--- The records Enclosed Below ---

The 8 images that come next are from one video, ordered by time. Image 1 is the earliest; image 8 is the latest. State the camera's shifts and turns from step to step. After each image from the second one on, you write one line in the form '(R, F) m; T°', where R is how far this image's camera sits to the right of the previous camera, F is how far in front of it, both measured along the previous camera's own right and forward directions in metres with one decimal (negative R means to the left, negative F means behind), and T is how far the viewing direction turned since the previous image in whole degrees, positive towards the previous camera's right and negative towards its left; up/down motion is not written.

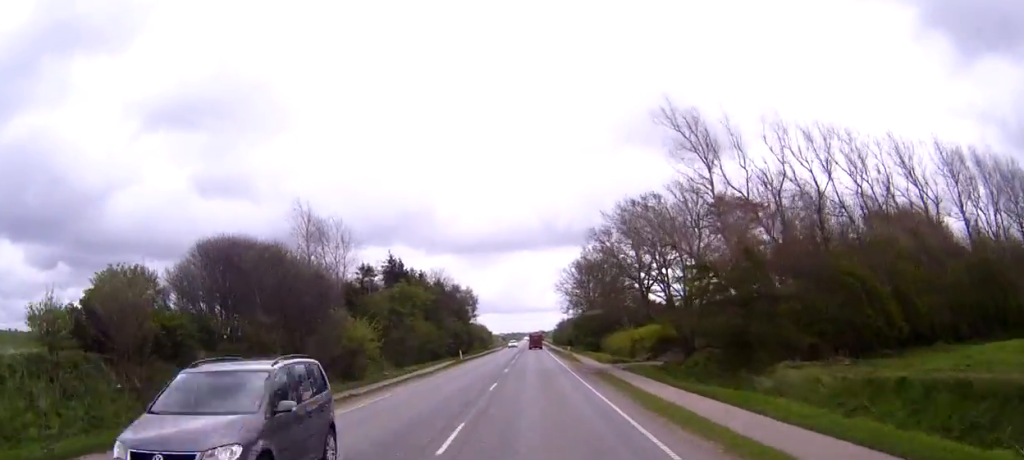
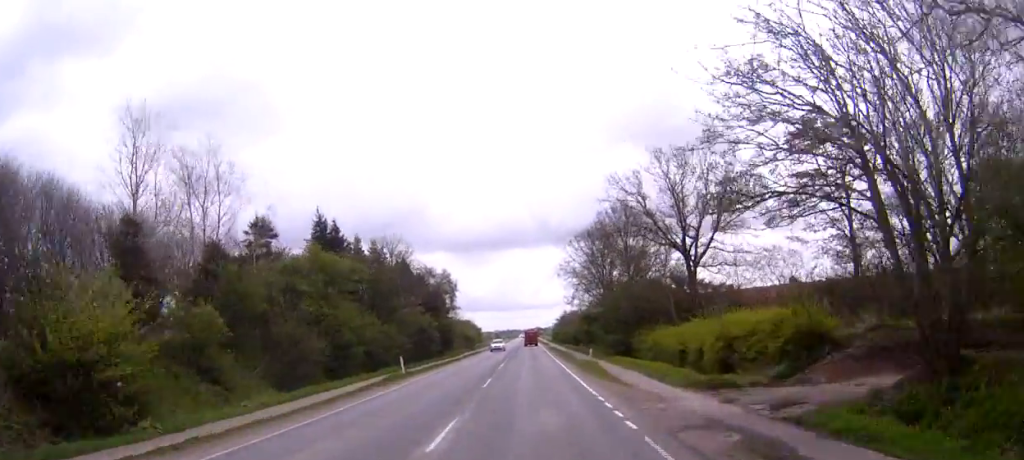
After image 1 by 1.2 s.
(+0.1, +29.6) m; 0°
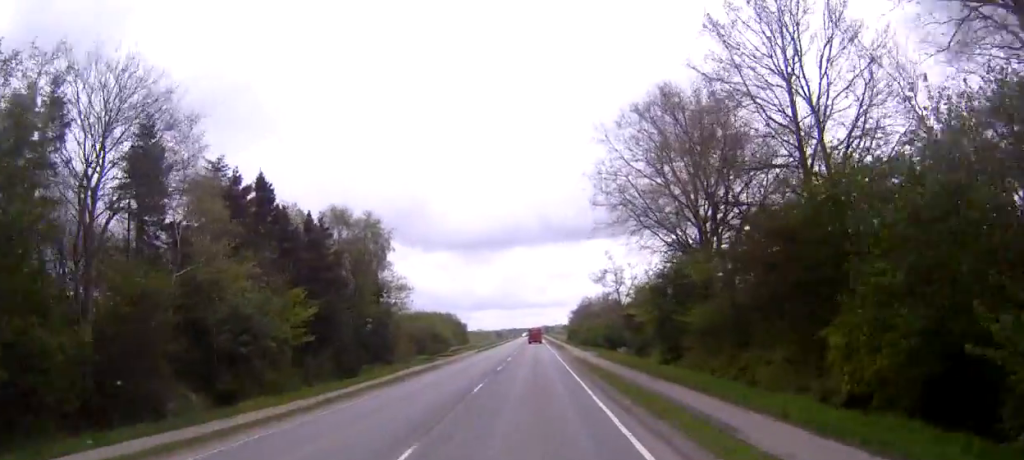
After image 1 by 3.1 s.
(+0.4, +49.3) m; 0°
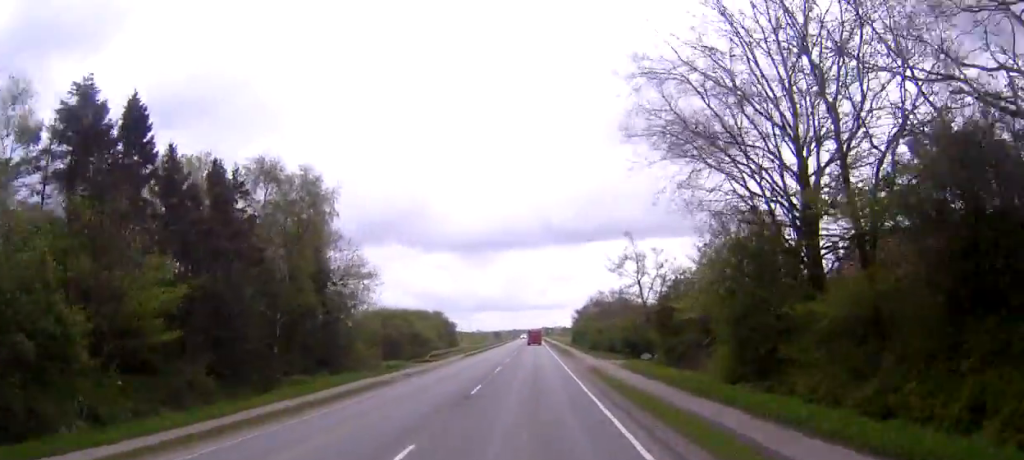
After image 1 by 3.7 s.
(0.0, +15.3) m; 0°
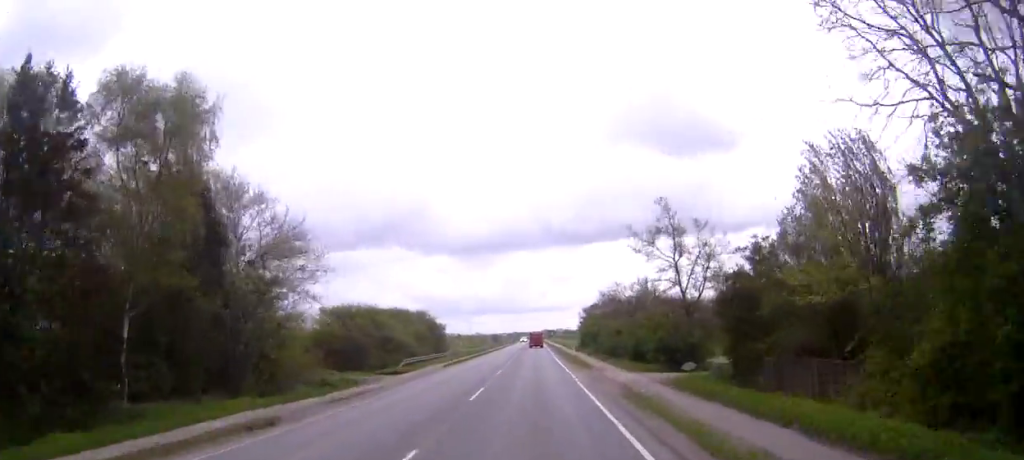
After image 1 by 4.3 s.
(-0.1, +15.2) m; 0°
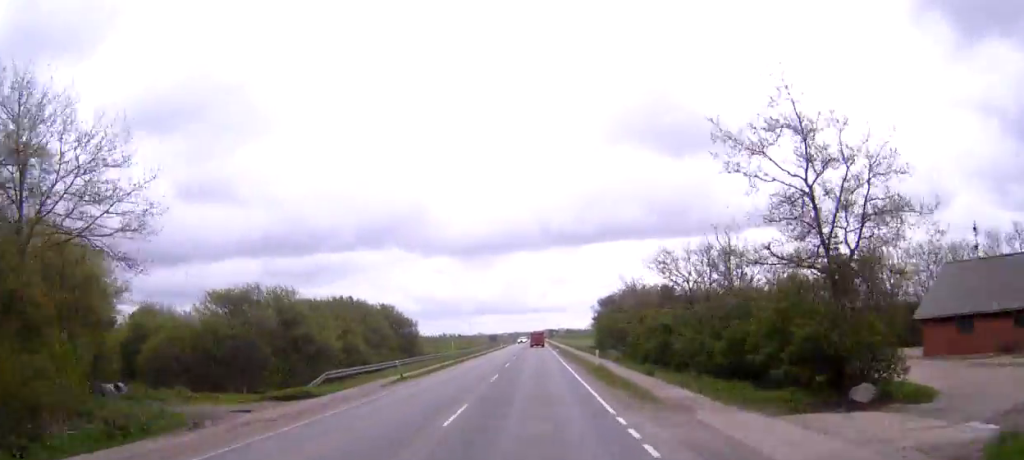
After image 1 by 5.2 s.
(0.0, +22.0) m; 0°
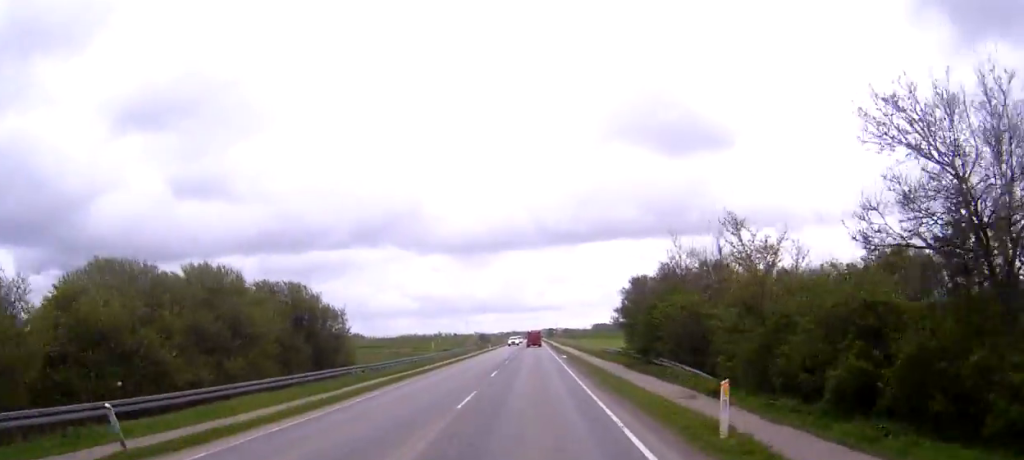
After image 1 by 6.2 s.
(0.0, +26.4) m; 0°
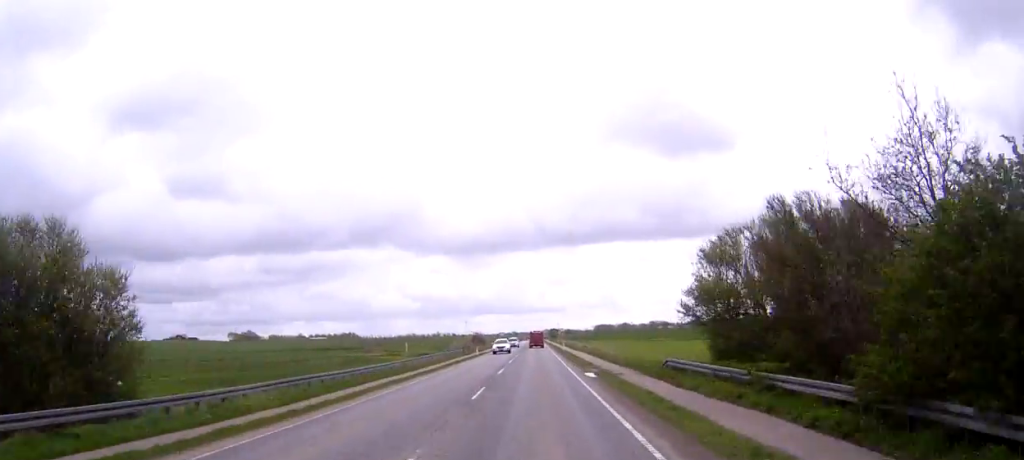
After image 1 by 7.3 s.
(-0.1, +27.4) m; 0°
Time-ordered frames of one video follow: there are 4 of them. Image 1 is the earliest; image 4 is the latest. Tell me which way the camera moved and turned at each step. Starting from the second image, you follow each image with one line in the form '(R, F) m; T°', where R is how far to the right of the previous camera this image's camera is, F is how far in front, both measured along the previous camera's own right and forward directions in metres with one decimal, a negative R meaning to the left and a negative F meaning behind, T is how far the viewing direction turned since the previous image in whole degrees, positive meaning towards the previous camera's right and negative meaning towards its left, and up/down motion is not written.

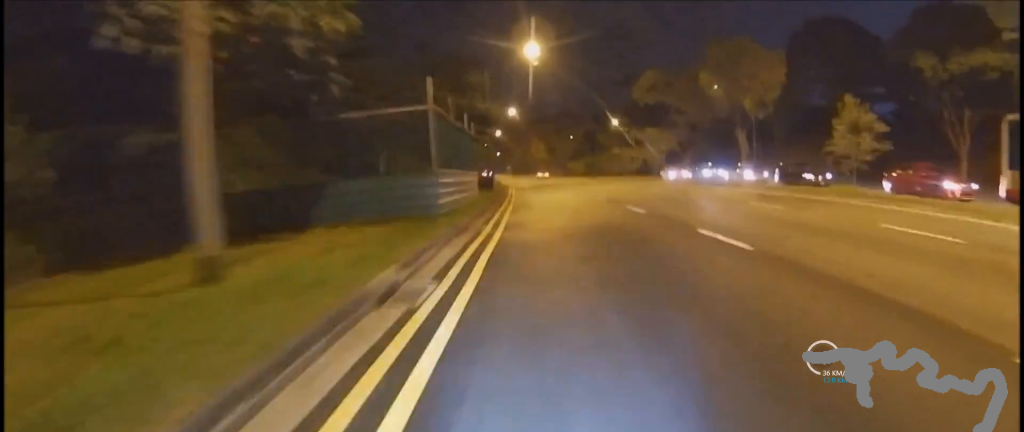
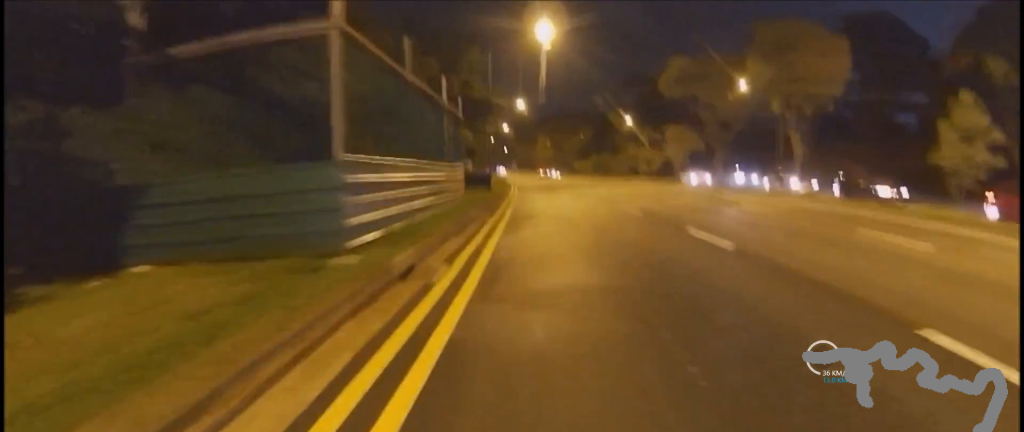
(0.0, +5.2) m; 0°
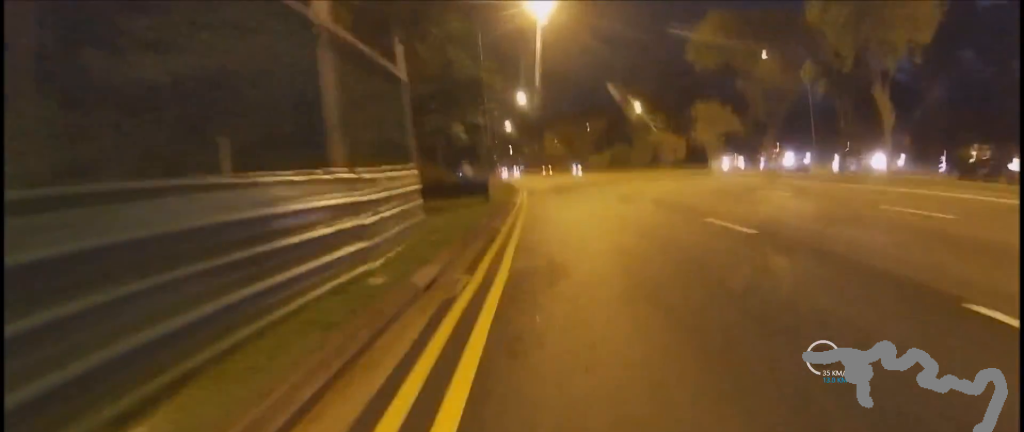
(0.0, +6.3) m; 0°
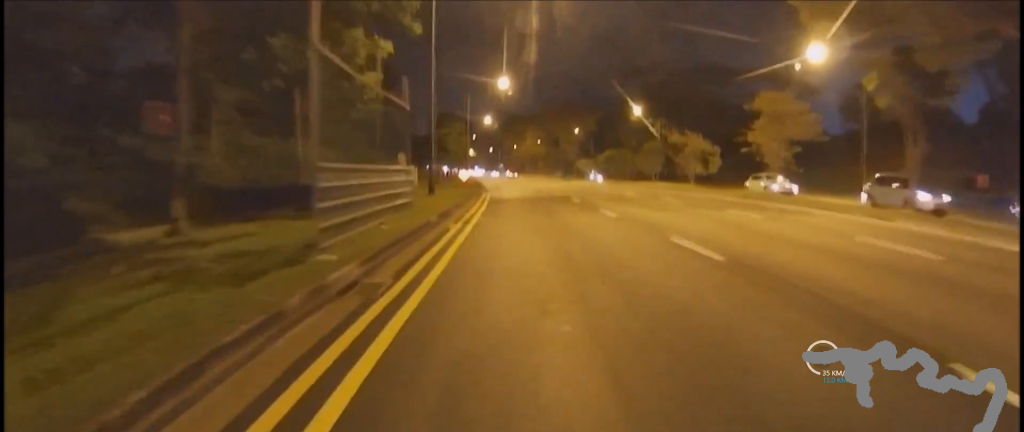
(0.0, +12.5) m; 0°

--- End of Enclosed The records ---

Output the listing exactly. Leave out any image.

Response area:
The 8 images that come next are from one video, ordered by time. Image 1 is the earliest; image 8 is the latest. State the camera's shifts and turns from step to step. After each image from the second one on, you write one line in the form '(R, F) m; T°', where R is how far this image's camera sits to the right of the previous camera, F is how far in front of it, both measured along the previous camera's own right and forward directions in metres with one decimal (negative R means to the left, negative F means behind), and T is how far the viewing direction turned since the previous image in whole degrees, positive towards the previous camera's right and negative towards its left; up/down motion is not written.

After image 1 by 1.2 s.
(+0.1, +29.6) m; 0°
After image 1 by 3.1 s.
(+0.4, +49.3) m; 0°
After image 1 by 3.7 s.
(0.0, +15.3) m; 0°
After image 1 by 4.3 s.
(-0.1, +15.2) m; 0°
After image 1 by 5.2 s.
(0.0, +22.0) m; 0°
After image 1 by 6.2 s.
(0.0, +26.4) m; 0°
After image 1 by 7.3 s.
(-0.1, +27.4) m; 0°
Time-ordered frames of one video follow: there are 4 of them. Image 1 is the earliest; image 4 is the latest. Tell me which way the camera moved and turned at each step. Starting from the second image, you follow each image with one line in the form '(R, F) m; T°', where R is how far to the right of the previous camera this image's camera is, F is how far in front, both measured along the previous camera's own right and forward directions in metres with one decimal, a negative R meaning to the left and a negative F meaning behind, T is how far the viewing direction turned since the previous image in whole degrees, positive meaning towards the previous camera's right and negative meaning towards its left, and up/down motion is not written.

(0.0, +5.2) m; 0°
(0.0, +6.3) m; 0°
(0.0, +12.5) m; 0°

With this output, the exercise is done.